Gringe est un artiste complet, rappeur, acteur qui apporte une pierre supplémentaire à son parcours avec ce livre. Un livre écrit en partie avec son frère, schizophrène. Il s’agit à la fois d’un livre sur la schizophrénie, sur l’amour fraternel, sur la culpabilité.

Il y a déjà eu des écrits sur des différences, l’autisme, la bipolarité, mais à ma connaissance, jamais on a donné la parole à une personne qui le vit de l’intérieur. Les photos de Thibault, sont incroyablement fortes, poétiques et belles. Sa plume est magnifique, ses textes écrits en hôpital psychiatrique sont poignants. La déclaration d’amour de Gringe pour son frère est comme une lettre d’excuses où il évoque sa culpabilité.
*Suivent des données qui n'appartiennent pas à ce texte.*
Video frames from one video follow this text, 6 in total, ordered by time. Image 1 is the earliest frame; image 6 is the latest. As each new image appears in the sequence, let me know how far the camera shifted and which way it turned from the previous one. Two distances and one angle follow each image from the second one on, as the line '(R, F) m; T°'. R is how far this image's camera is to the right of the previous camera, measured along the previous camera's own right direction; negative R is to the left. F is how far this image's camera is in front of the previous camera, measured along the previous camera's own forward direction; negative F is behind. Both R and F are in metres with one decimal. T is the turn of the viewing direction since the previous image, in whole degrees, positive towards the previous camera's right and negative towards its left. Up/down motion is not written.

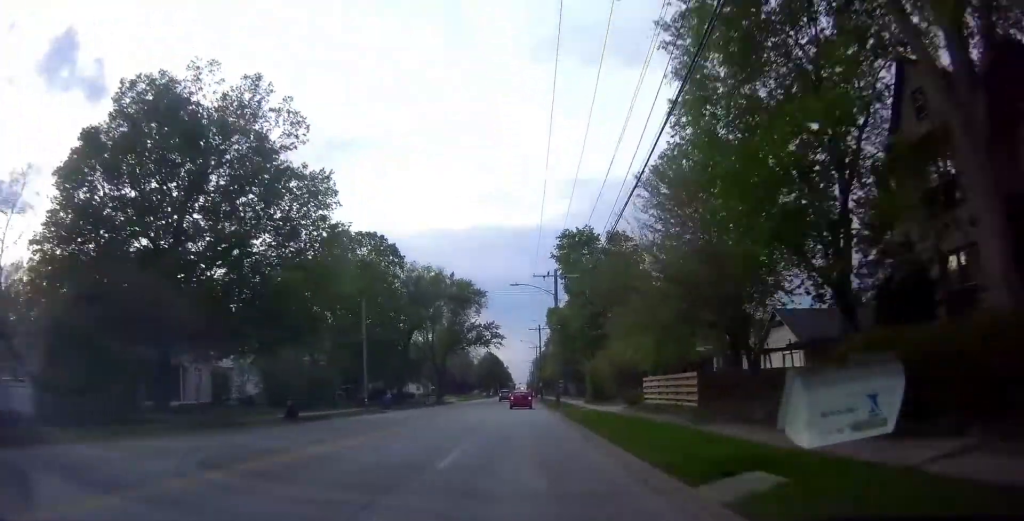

Car au moment où Guillaume devenait célèbre, Thibault sombrait dans une vie pour toujours compliquée et ils ont appréhendé ces deux facettes (célébrité / hôpitaux psychiatriques) comme ils ont pu. Parce que tout le monde fait comme il peut, tout le temps. L’énergie déployée par les malades, mais aussi leurs proches. Chacun avance comme un funambule sur le même fil déstabilisant qui bouge tout le temps. C’est épuisant pour tous et en continu. On croit par moment trouver des pistes pour stabiliser le cours des choses, mais c’est toujours temporaire et jamais acquis. Un texte qui se lit vite et d’une traite et qui laisse une trace.